= Panjapatti Lake =

Lake in Tamil Nadu, India

Panjapatti Lake is located in the Karur district of Tamil Nadu, India. Spanning 1,300 acres, this lake was constructed during British colonial rule in 1837.

Panjapatti Lake, situated in the Krishnarayapuram region, is the third largest lake in Tamil Nadu, following Veeranam and Kaveripakkam lakes. It has a storage capacity of 1.8 TMC (thousand million cubic feet), which surpasses the storage capacity of the nearby Mayanur Barrage, and it has the potential to irrigate approximately 40,000 acres of farmland.

The water feeding into Panjapatti Lake originates from the hilly regions of Kadavur and flows through several villages, including Palaviduthi, Tharagampatti, and P.udayapatty, filling around 24 lakes and 124 ponds (including udayapatty lake) along its route.

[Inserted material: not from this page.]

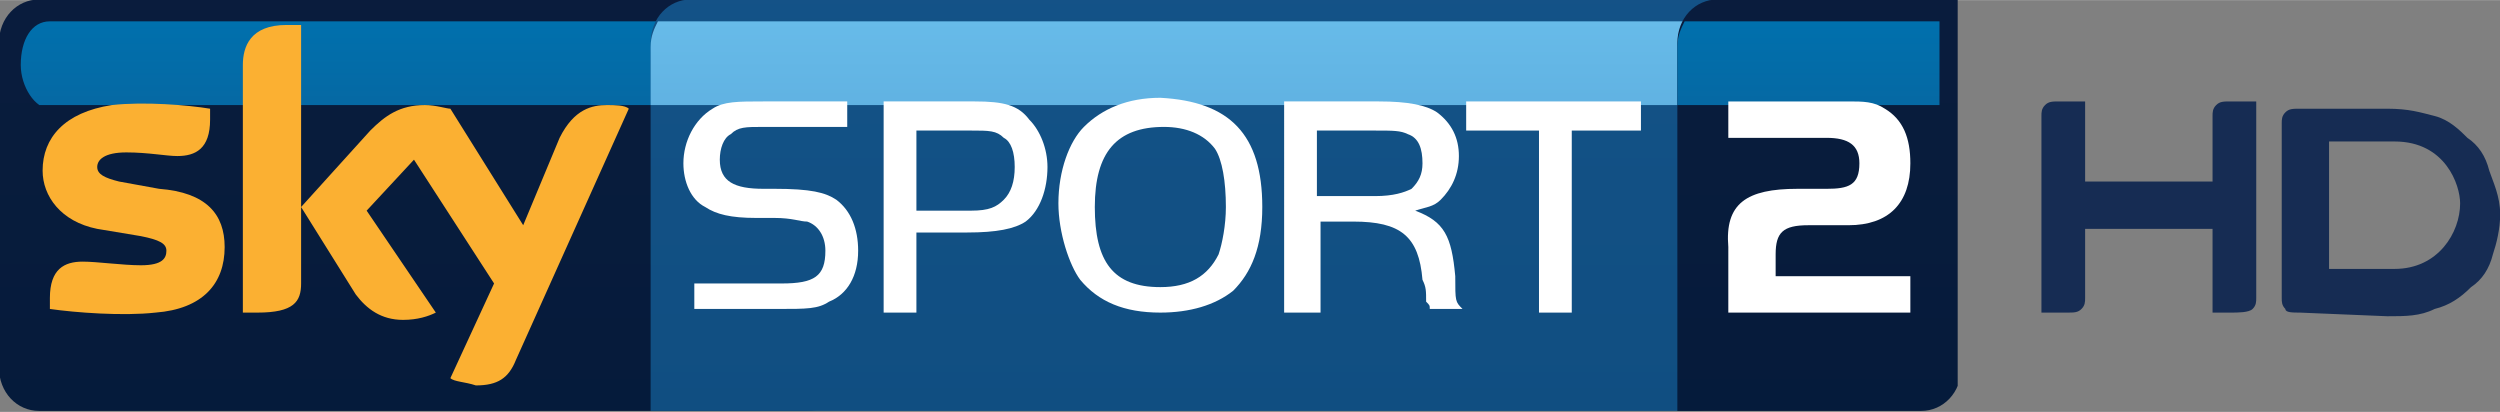 <svg id="Layer_1" xmlns="http://www.w3.org/2000/svg" xmlns:xlink="http://www.w3.org/1999/xlink" viewBox="0 0 765 126" width="2500" height="412"><rect x="0" y="0" width="765" height="126" fill="#808080" stroke="none"/><style>.st0{clip-path:url(#SVGID_2_);fill:url(#rect288_1_)}.st1{clip-path:url(#SVGID_4_);fill:url(#rect307_1_)}.st2{clip-path:url(#SVGID_6_);fill:url(#rect326_1_)}.st3{clip-path:url(#SVGID_8_);fill:#fbb032}.st4,.st5{clip-path:url(#SVGID_10_);fill:#162c53}.st5{clip-path:url(#SVGID_12_)}.st6{clip-path:url(#SVGID_14_);fill:url(#rect359_1_)}.st7{clip-path:url(#SVGID_16_);fill:url(#rect380_1_)}.st8{clip-path:url(#SVGID_18_);fill:url(#rect399_1_)}.st10,.st9{clip-path:url(#SVGID_20_);fill:#fff}.st10{clip-path:url(#SVGID_22_)}.st11,.st12{clip-path:url(#SVGID_24_);fill:#fff}.st12{clip-path:url(#SVGID_26_)}.st13,.st14{clip-path:url(#SVGID_28_);fill:#fff}.st14{clip-path:url(#SVGID_30_)}</style><g transform="translate(-1762.838 -5561.78) scale(11.141)" id="g269"><defs><path id="SVGID_1_" d="M159.3 499.2c-.6 0-1.1.5-1.1 1.2v8.9c0 .7.5 1.2 1.1 1.2h21.1c.6 0 1.1-.5 1.1-1.2v-8.9c0-.7-.5-1.2-1.1-1.2h-21.1z"/></defs><clipPath id="SVGID_2_"><use xlink:href="#SVGID_1_" overflow="visible"/></clipPath><linearGradient id="rect288_1_" gradientUnits="userSpaceOnUse" x1="147.423" y1="474.376" x2="148.423" y2="474.376" gradientTransform="rotate(-90 -20257.61 39343.28) scale(125.999)"><stop offset="0" stop-color="#051b3b"/><stop offset=".138" stop-color="#0c1d3e"/><stop offset=".333" stop-color="#1e2448"/><stop offset=".495" stop-color="#332c53"/><stop offset="1" stop-color="#332c53"/></linearGradient><path id="rect288" class="st0" d="M158.2 499.2h23.3v11.3h-23.3z"/></g><g transform="translate(-1762.838 -5561.78) scale(11.141)" id="g290"><defs><path id="SVGID_3_" d="M159.6 499.8c-.5 0-.8.5-.8 1.2 0 .6.4 1.2.8 1.2h17.3c.5 0 .8-.5.8-1.2 0 0-.4-1.2-.8-1.2h-17.3z"/></defs><clipPath id="SVGID_4_"><use xlink:href="#SVGID_3_" overflow="visible"/></clipPath><linearGradient id="rect307_1_" gradientUnits="userSpaceOnUse" x1="149.249" y1="473.886" x2="150.248" y2="473.886" gradientTransform="rotate(90 7884.632 4528.057) scale(25.838)"><stop offset="0" stop-color="#0070ad"/><stop offset=".783" stop-color="#2f315a"/><stop offset=".844" stop-color="#332c53"/><stop offset="1" stop-color="#332c53"/></linearGradient><path id="rect307" class="st1" d="M158.8 499.8h19v2.3h-19z"/></g><g transform="translate(-1762.838 -5561.78) scale(11.141)" id="g309"><defs><path id="SVGID_5_" d="M177.2 499.2c-.6 0-1.1.5-1.1 1.2v10.1h28.7c.6 0 1.1-.5 1.1-1.2v-10.1h-28.7z"/></defs><clipPath id="SVGID_6_"><use xlink:href="#SVGID_5_" overflow="visible"/></clipPath><linearGradient id="rect326_1_" gradientUnits="userSpaceOnUse" x1="147.423" y1="474.376" x2="148.423" y2="474.376" gradientTransform="rotate(-90 -20247.036 39332.706) scale(125.999)"><stop offset="0" stop-color="#104e81"/><stop offset=".206" stop-color="#18578e"/><stop offset=".495" stop-color="#2868a8"/><stop offset="1" stop-color="#2868a8"/></linearGradient><path id="rect326" class="st2" d="M176.1 499.2h29.8v11.3h-29.8z"/></g><g id="g328"><g transform="translate(-1762.838 -5561.78) scale(11.141)"><defs><path id="SVGID_7_" d="M-222.3 428.6h836.2v155.3h-836.2z"/></defs><clipPath id="SVGID_8_"><use xlink:href="#SVGID_7_" overflow="visible"/></clipPath><path id="path336" class="st3" d="M170.6 509.6c.1.1.4.1.7.2.6 0 .9-.2 1.1-.7l3.1-6.9c-.1-.1-.4-.1-.6-.1-.4 0-.9.1-1.3.9l-1 2.4-2-3.2c-.1 0-.4-.1-.7-.1-.7 0-1.1.3-1.5.7l-1.9 2.1 1.5 2.4c.3.4.7.7 1.3.7.4 0 .7-.1.9-.2l-1.9-2.8 1.3-1.4 2.2 3.4-1.2 2.6zm-4.1-2.6c0 .5-.2.8-1.2.8h-.4V501c0-.5.2-1.1 1.2-1.1h.4v7.1zm-2.1-1c0 1-.6 1.7-1.9 1.8-.9.1-2.2 0-2.9-.1v-.3c0-.8.4-1 .9-1 .4 0 1.1.1 1.6.1.6 0 .7-.2.7-.4s-.2-.3-.7-.4l-1.2-.2c-1-.2-1.5-.9-1.5-1.6 0-.9.6-1.6 1.9-1.8.9-.1 2.1 0 2.7.1v.3c0 .8-.4 1-.9 1-.3 0-.8-.1-1.4-.1-.6 0-.8.2-.8.4s.2.3.6.4l1.1.2c1.3.1 1.8.7 1.8 1.6"/></g><g transform="translate(-1762.838 -5561.78) scale(11.141)"><defs><path id="SVGID_9_" d="M-222.3 428.6h836.2v155.3h-836.2z"/></defs><clipPath id="SVGID_10_"><use xlink:href="#SVGID_9_" overflow="visible"/></clipPath><path id="path338" class="st4" d="M215 507.8h-.7v-5.4c0-.1 0-.2.1-.3.1-.1.2-.1.4-.1h.7v2.2h3.5v-1.8c0-.1 0-.2.1-.3.1-.1.2-.1.4-.1h.7v5.4c0 .1 0 .2-.1.3-.1.1-.4.1-.6.1h-.5v-2.3h-3.5v1.9c0 .1 0 .2-.1.3-.1.1-.2.1-.4.1"/></g><g transform="translate(-1762.838 -5561.78) scale(11.141)"><defs><path id="SVGID_11_" d="M-222.3 428.6h836.2v155.3h-836.2z"/></defs><clipPath id="SVGID_12_"><use xlink:href="#SVGID_11_" overflow="visible"/></clipPath><path id="path340" class="st5" d="M221.4 507.8c-.2 0-.4 0-.4-.1-.1-.1-.1-.2-.1-.3v-4.8c0-.1 0-.2.1-.3.1-.1.2-.1.4-.1h2.4c.6 0 .9.1 1.3.2s.7.4.9.6c.3.2.5.5.6.9.1.3.3.7.3 1.2 0 .4-.1.8-.2 1.1-.1.4-.3.7-.6.9-.3.3-.6.5-1 .6-.4.2-.8.2-1.3.2l-2.4-.1zm.7-1.2h1.9c1.2 0 1.8-1 1.8-1.8 0-.5-.4-1.7-1.8-1.7h-1.8v3.5z"/></g></g><g transform="translate(-1762.838 -5561.78) scale(11.141)" id="g342"><defs><path id="SVGID_13_" d="M176.3 499.8c-.1.2-.2.4-.2.7v1.6h29.8v-2.3h-29.6z"/></defs><clipPath id="SVGID_14_"><use xlink:href="#SVGID_13_" overflow="visible"/></clipPath><linearGradient id="rect359_1_" gradientUnits="userSpaceOnUse" x1="149.249" y1="473.871" x2="150.248" y2="473.871" gradientTransform="rotate(90 7895.801 4539.226) scale(25.838)"><stop offset="0" stop-color="#67bbe9"/><stop offset=".699" stop-color="#3377b4"/><stop offset=".844" stop-color="#2868a8"/><stop offset="1" stop-color="#2868a8"/></linearGradient><path id="rect359" class="st6" d="M176.1 499.8h29.8v2.3h-29.8z"/></g><g transform="translate(-1762.838 -5561.78) scale(11.141)" id="g361"><defs><path id="SVGID_15_" d="M205.4 499.2c-.6 0-1.1.5-1.1 1.2v10.1h6.7c.6 0 1.1-.5 1.1-1.2v-10.1h-6.7z"/></defs><clipPath id="SVGID_16_"><use xlink:href="#SVGID_15_" overflow="visible"/></clipPath><linearGradient id="rect380_1_" gradientUnits="userSpaceOnUse" x1="147.423" y1="474.376" x2="148.423" y2="474.376" gradientTransform="rotate(-90 -20238.43 39324.1) scale(125.999)"><stop offset="0" stop-color="#051b3b"/><stop offset=".138" stop-color="#0c1d3e"/><stop offset=".333" stop-color="#1e2448"/><stop offset=".495" stop-color="#332c53"/><stop offset="1" stop-color="#332c53"/></linearGradient><path id="rect380" class="st7" d="M204.3 499.2h7.7v11.3h-7.7z"/></g><g transform="translate(-1762.838 -5561.78) scale(11.141)" id="g382"><defs><path id="SVGID_17_" d="M204.5 499.8c-.1.2-.2.4-.2.7v1.6h7.2v-2.3h-7z"/></defs><clipPath id="SVGID_18_"><use xlink:href="#SVGID_17_" overflow="visible"/></clipPath><linearGradient id="rect399_1_" gradientUnits="userSpaceOnUse" x1="149.249" y1="473.849" x2="150.248" y2="473.849" gradientTransform="rotate(90 7903.979 4547.404) scale(25.838)"><stop offset="0" stop-color="#0070ad"/><stop offset=".783" stop-color="#2f315a"/><stop offset=".844" stop-color="#332c53"/><stop offset="1" stop-color="#332c53"/></linearGradient><path id="rect399" class="st8" d="M204.3 499.8h7.2v2.3h-7.2z"/></g><g id="g401"><g transform="translate(-1762.838 -5561.78) scale(11.141)"><defs><path id="SVGID_19_" d="M-222.3 428.6h836.2v155.3h-836.2z"/></defs><clipPath id="SVGID_20_"><use xlink:href="#SVGID_19_" overflow="visible"/></clipPath><path id="path409" class="st9" d="M207.6 504.4h.8c.6 0 .9-.1.9-.7 0-.5-.3-.7-.9-.7h-2.7v-1h3.3c.4 0 .7 0 1 .2.5.3.7.8.7 1.5 0 1.1-.6 1.7-1.7 1.7h-1.1c-.7 0-.9.2-.9.8v.6h3.7v1h-5V506c-.1-1.2.5-1.6 1.9-1.6"/></g><g transform="translate(-1762.838 -5561.78) scale(11.141)"><defs><path id="SVGID_21_" d="M-222.3 428.6h836.2v155.3h-836.2z"/></defs><clipPath id="SVGID_22_"><use xlink:href="#SVGID_21_" overflow="visible"/></clipPath><path id="path411" class="st10" d="M177.2 507h2.5c.9 0 1.2-.2 1.2-.9 0-.4-.2-.7-.5-.8-.2 0-.4-.1-.9-.1h-.5c-.7 0-1.1-.1-1.4-.3-.4-.2-.6-.7-.6-1.2 0-.6.3-1.2.8-1.5.3-.2.7-.2 1.4-.2h2.3v.7h-2.3c-.5 0-.7 0-.9.2-.2.1-.3.4-.3.7 0 .6.4.8 1.2.8h.3c1 0 1.4.1 1.7.3.4.3.6.8.6 1.4 0 .7-.3 1.2-.8 1.4-.3.2-.6.2-1.4.2h-2.3v-.7z"/></g><g transform="translate(-1762.838 -5561.78) scale(11.141)"><defs><path id="SVGID_23_" d="M-222.3 428.6h836.2v155.3h-836.2z"/></defs><clipPath id="SVGID_24_"><use xlink:href="#SVGID_23_" overflow="visible"/></clipPath><path id="path413" class="st11" d="M183.4 507.8h-.9V502h2.5c.8 0 1.2.1 1.5.5.3.3.5.8.5 1.3 0 .6-.2 1.2-.6 1.5-.3.2-.8.3-1.6.3h-1.4v2.2zm1.5-2.8c.5 0 .7-.1.9-.3.2-.2.3-.5.3-.9s-.1-.7-.3-.8c-.2-.2-.4-.2-.9-.2h-1.5v2.2h1.5z"/></g><g transform="translate(-1762.838 -5561.78) scale(11.141)"><defs><path id="SVGID_25_" d="M-222.3 428.6h836.2v155.3h-836.2z"/></defs><clipPath id="SVGID_26_"><use xlink:href="#SVGID_25_" overflow="visible"/></clipPath><path id="path415" class="st12" d="M192.9 504.9c0 1.1-.3 1.8-.8 2.3-.5.4-1.2.6-2 .6-1 0-1.7-.3-2.2-.9-.3-.4-.6-1.3-.6-2.1 0-.9.3-1.7.7-2.1.5-.5 1.2-.8 2.1-.8 1.9.1 2.8 1 2.8 3m-4.6 0c0 1.5.5 2.2 1.8 2.2.8 0 1.3-.3 1.6-.9.1-.3.2-.8.2-1.3 0-.7-.1-1.3-.3-1.6-.3-.4-.8-.6-1.4-.6-1.3 0-1.9.7-1.9 2.2"/></g><g transform="translate(-1762.838 -5561.78) scale(11.141)"><defs><path id="SVGID_27_" d="M-222.3 428.6h836.2v155.3h-836.2z"/></defs><clipPath id="SVGID_28_"><use xlink:href="#SVGID_27_" overflow="visible"/></clipPath><path id="path417" class="st13" d="M194.4 507.8h-.9V502h2.6c.8 0 1.3.1 1.6.3.4.3.6.7.6 1.2s-.2.9-.5 1.2c-.2.2-.4.2-.7.3.8.3 1 .7 1.1 1.8 0 .7 0 .7.2.9h-.9c0-.1 0-.1-.1-.2 0-.3 0-.4-.1-.6-.1-1.2-.6-1.6-1.9-1.6h-.9v2.5zm1.6-3.2c.5 0 .8-.1 1-.2.2-.2.3-.4.3-.7 0-.4-.1-.7-.4-.8-.2-.1-.4-.1-.9-.1h-1.6v1.8h1.6z"/></g><g transform="translate(-1762.838 -5561.78) scale(11.141)"><defs><path id="SVGID_29_" d="M-222.3 428.6h836.2v155.3h-836.2z"/></defs><clipPath id="SVGID_30_"><use xlink:href="#SVGID_29_" overflow="visible"/></clipPath><path id="polygon419" class="st14" d="M201.4 502.8v5h-.9v-5h-2v-.8h4.8v.8z"/></g></g></svg>

The surplus water eventually reaches Panjapatti Lake at the tail end. When the lake fills to capacity, any excess water flows through the southern aqueduct and merges with the Cauvery River near Kudamuruti in Trichy.

Historically, more than 30,000 acres of farmland across 25 villages, including Velliyanai, Metupatti, Panjapatti, Tharasampatti, Kadavur, and others, relied on Panjapatti Lake for irrigation and drinking water. Until 2001, the lake was a vital water source for these communities. However, since then, the lake has gone dry due to the encroachment of seemai karuvelam (Prosopis juliflora) trees and a significant reduction in rainfall.

In recent years, the local farming community and residents have urged the district administration to channel water from the Mayanur Barrage, which is just 15 kilometers away, into the lake via pipelines or pumping stations. However, officials have stated that this plan is not feasible due to the lake's higher elevation (27 meters above ground level) compared to the barrage.

During the tenure of former Chief Minister K. Kamaraj, a proposal was made to divert water from the Jotharpalayam Cauvery River to Panjapatti Lake. Unfortunately, this plan was never implemented and remained on paper.